21/08/1122 (Downtime response)
21/08/1122

"You have found that when the seas are very rough and you want to die from fear and sickness, the only thing that truly brings you comfort is your poetry. You notice that sometimes, when others are scared, your poetry calms them too. You have become fascinated by this and wish to discuss this further at Renewal with whoever will listen! You have many plans for Renewal. You want to spend time with the Synod, especially during meetings, but most of all, you want to talk to the Praetor about an official position as an information gatherer! You know Pip will back you on this! Things are looking good. You feel happy and positive!"

3rd day of the 8th month, 1122

I’m finding my mind more at ease than usual, and I seem to be finding myself drifting off into thought more regularly, particularly this business with timelines and realities. I had thought myself at great disadvantage not being entirely privy to what we had “lost” in our initial transference. Now I see, however, my detachment perhaps allows me a more pragmatic gaze on the events that are transpiring. Xiomara in particular is of great interest to me. Three versions of her I have witnessed thus far, each shaped by their respective histories, with vastly different outcomes. I sense in some way that there is a fundamental part of her that remains, the same with each iteration, a selflessness and willingness to do what she believes is right for her nation… While I could ponder the morality and implications of such a being, I am unavoidably drawn to my own condition. For a few years now I have been trying to find myself, trying to understand the nature of fate and the gods. Answers to questions about who I was, who I am, and what I should be.   To be so ignorant to think that the gods would be directly influencing the choices I make and the path I tread! The gods may have made the paths we tread and the rules we must adhere to, but only I can put one foot in front of the other. From this day forward, I will be Grimwald Von Braunbär. A Teutonian. A Bard. It is who I have always been.

1st day of the 8th month, 1122
01/08/1122

Ocean, as far as the eye can see in all directions. It’s a strange feeling for someone so used to having solid ground under their feet. There are no buildings, trees or landmasses, it’s just a big wet wobbly infinity. The constant turbulence was churning my stomach, but it’s been a week now, and the sickness seems to have subsided. Now the rocking and the sound of the waves is actually quite calming. Despite the fact I'm surrounded by the great and the good, it’s actually quite peaceful out here, and dare I say it, I may actually be starting to enjoy sailing…

22nd day of the 7th, 1122
22/07/1122

Pip’s ship sits in port, quite a bit larger than I had imagined for just the two of us… With the few remaining coins leftover from my pay, I visited some of the Franconian merchants, some even carried the Teutonian fashions from across the channel. I couldn’t help myself. I look like one of the natives! If not a bit larger... I sat in the Inn, staring at myself in the mirror. A hat perched atop my head with fur and feathers peacocking from its brim. Is ‘Skud’ who I really want to be? Is ‘Skud’ the name of a poet?

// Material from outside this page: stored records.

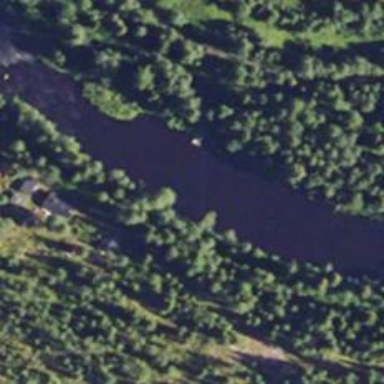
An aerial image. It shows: Beautiful view of river.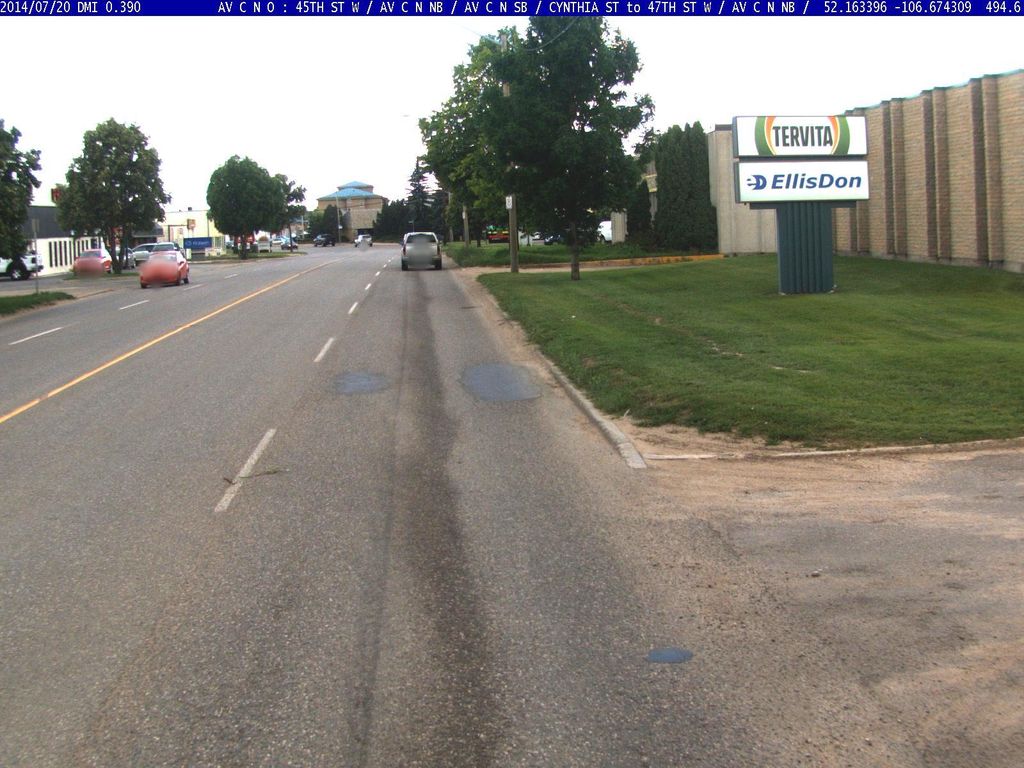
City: saskatoon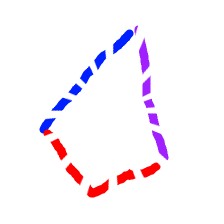
Shape: kite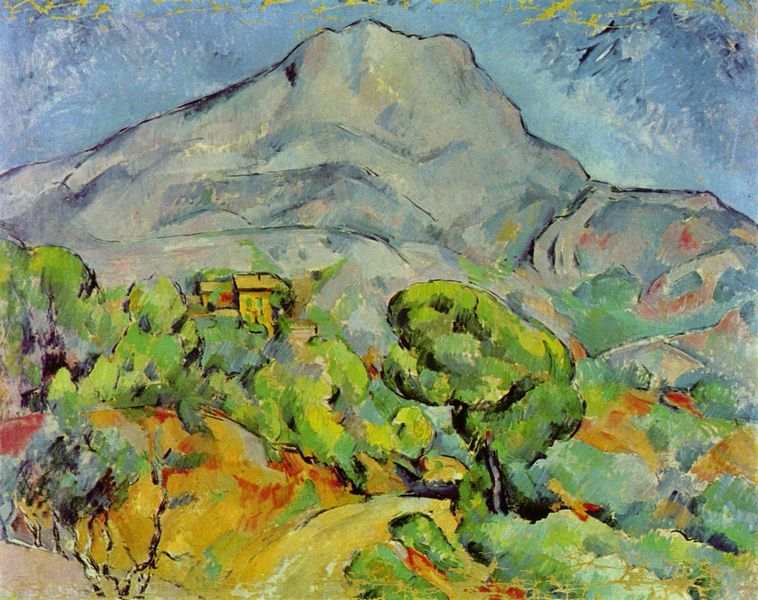
Titel: Straße an der Montagne Sainte-Victoire
Künstler: Paul Cézanne
Standort: Sankt Petersburg
Institution: Eremitage
Schlagwörter: baum, berg, blau, felsen, gemälde, gestein, himmel, wolken, baumstämme, bäume, cezanne, gelb, grün, impressionismus, landschaft, ocker, stadt, äste, braun, bunt, fenster, frankreich, grau, hell, licht, orange, pastell, strasse, weiss, zeichnung, blick, dach, haus, rot, weg, wiese, wolke, expressionismus, malerei, stein, öl, baumstamm, birke, feld, felder, ferne, horizont, häuser, hügel, natur, strauch, weite, zweige, gebüsch, hütte, pastos, pfad, sonne, sträucher, wege, pflanzen, rosa, wald, sommer, ort, moderne, berge, farben, fels, fläche, gebirge, gipfel, hang, dorf, farbe, formen, lila, vegetation, hof, stämme, impressionistisch, stimmung, ölfarbe, baumkrone, striche, panorama, provence, alpen, kunst, pinselduktus, fleck, gewächse, sonnenschein, bizarr, siedlung, paul cézanne, pinselstriche, seurat, baüme, matisse, kandinsky, farbigkeit, baumgrenze, bergmassiv, montagne, ror, expressionist, mont st. michel, michel, tache, mont, olivenbäume, gelg, france, zugspitze, victoire, empfindung, schwirren, touche, mont st michel, gestin, mont sainte-victoire, mont st-vincent, mont-st-victoire, wenig farbe, rot geln grün
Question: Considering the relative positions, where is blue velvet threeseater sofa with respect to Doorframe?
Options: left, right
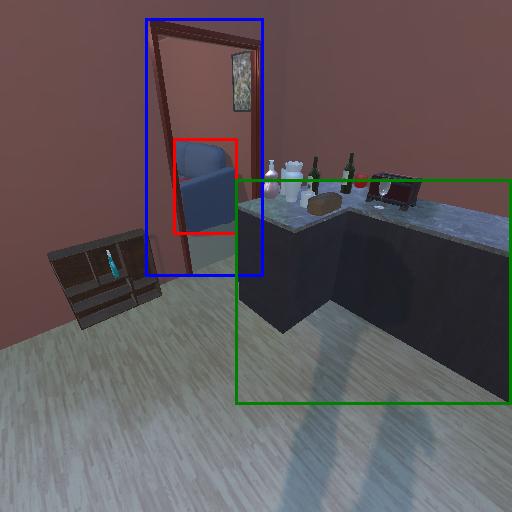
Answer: left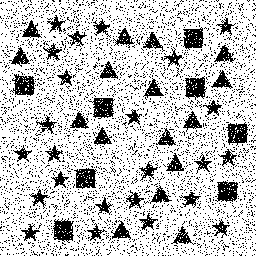
Squares: 8
Triangles: 16
Stars: 24
Total shapes: 48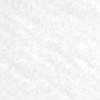
Label: no_change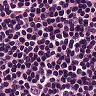
Metastatic tissue present: yes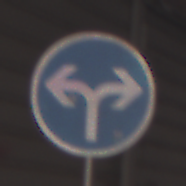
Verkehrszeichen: VorgeschriebeneFahrtrichtungRechtsOderLinks
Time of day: MorningAfternoon
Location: Outdoor (Urban)
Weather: Clear
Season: NotSpecified
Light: Natural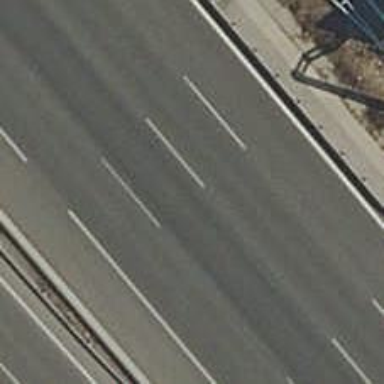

21 day of the Seventh month 1122
21/07/2022

You know, the more I’ve been thinking about it, the more it makes sense. I mean Leherin’s avatar told me directly it was the act of learning, of moving forward, that pleases them. And of course, it was the feast of Bacchus where I earned the title of Poet Laureate… Perhaps there is something in these gods. Mortis seemed cold and indifferent when I tried to speak to them, and surely Lorelai would reach out to me if they needed me to be in their domain? Perhaps it is time I embraced this? Perhaps it is time I made the most of these gifts? Perhaps it is time I became Teutonian.

20th day of the 7th month 1122
20/07/1122

I received an invitation from Captain Pip to travel together to the Steppe lands, perhaps some time at sea will keep my mind busy… perhaps terrified would be a better way to put it. You and me both know that the last time I was on a boat was when it all came crashing down around me, that Ealdorman idiot… But you know, it’s like the Synod said, perhaps it’s time to embrace what life has to offer rather than live in fear of my past? Pip is rather nice after all. Perhaps she has cake.